Your instructions: Every line from the one containing "STEP (ISO 10303-21)" down to the last line of the listing below should be restated exactly, and nothing else.

=== Begin Enclosure ===

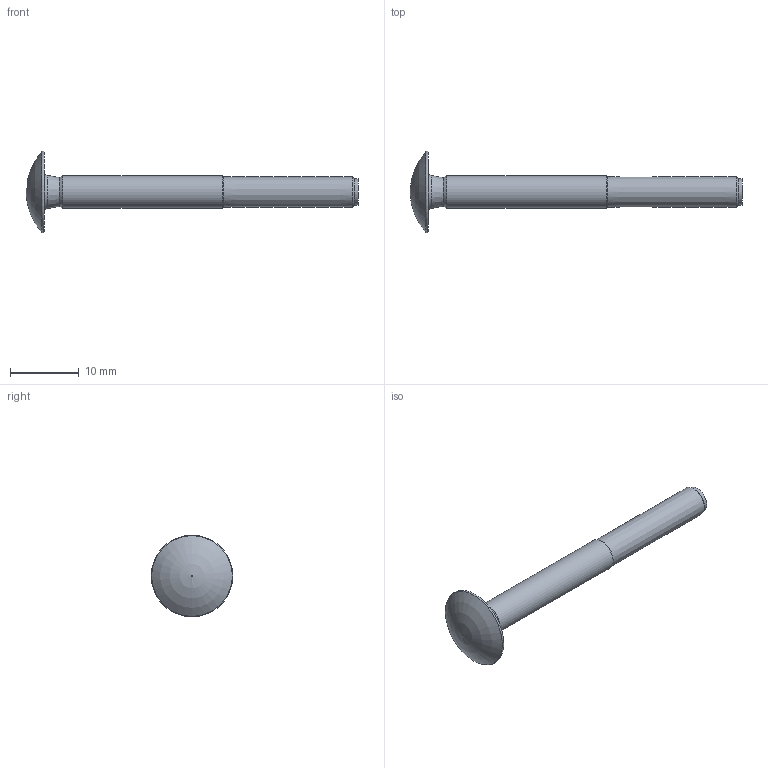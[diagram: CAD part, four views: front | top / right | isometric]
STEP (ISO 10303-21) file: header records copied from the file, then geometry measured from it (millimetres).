
FILE_DESCRIPTION (( 'STEP AP203' ), '1' );
FILE_NAME ('MGP98T-( )6-10.STEP', '2021-11-17T16:43:13', ( '' ), ( '' ), 'SwSTEP 2.0', 'SolidWorks 2018', '' );
FILE_SCHEMA (( 'CONFIG_CONTROL_DESIGN' ));
Length unit declared in the file: inch
Products named in the file (2): MGP98T-( )6-10
Bounding box: 48.39 x 11.89 x 11.89 mm (x, y, z)
Volume: 922.5 mm3; surface area: 898.8 mm2
Topology: 1 solids, 1 shells, 13 faces, 24 edges, 13 vertices
Faces by surface type: cone 6, torus 3, plane 2, cylinder 2
Full cylindrical faces by diameter (mm): 3.835 x1, 4.724 x1
Entity records: 411 total; most frequent: DIRECTION 54, CARTESIAN_POINT 39, AXIS2_PLACEMENT_3D 27, ORIENTED_EDGE 24, EDGE_LOOP 24, FACE_OUTER_BOUND 18, PERSON_AND_ORGANIZATION 16, ADVANCED_FACE 13

=== End Enclosure ===

Exercise output:
STEP (ISO 10303-21) file: header records copied from the file, then geometry measured from it (millimetres).
FILE_DESCRIPTION (( 'STEP AP203' ), '1' );
FILE_NAME ('MGP98T-( )6-10.STEP', '2021-11-17T16:43:13', ( '' ), ( '' ), 'SwSTEP 2.0', 'SolidWorks 2018', '' );
FILE_SCHEMA (( 'CONFIG_CONTROL_DESIGN' ));
Length unit declared in the file: inch
Products named in the file (2): MGP98T-( )6-10
Bounding box: 48.39 x 11.89 x 11.89 mm (x, y, z)
Volume: 922.5 mm3; surface area: 898.8 mm2
Topology: 1 solids, 1 shells, 13 faces, 24 edges, 13 vertices
Faces by surface type: cone 6, torus 3, plane 2, cylinder 2
Full cylindrical faces by diameter (mm): 3.835 x1, 4.724 x1
Entity records: 411 total; most frequent: DIRECTION 54, CARTESIAN_POINT 39, AXIS2_PLACEMENT_3D 27, ORIENTED_EDGE 24, EDGE_LOOP 24, FACE_OUTER_BOUND 18, PERSON_AND_ORGANIZATION 16, ADVANCED_FACE 13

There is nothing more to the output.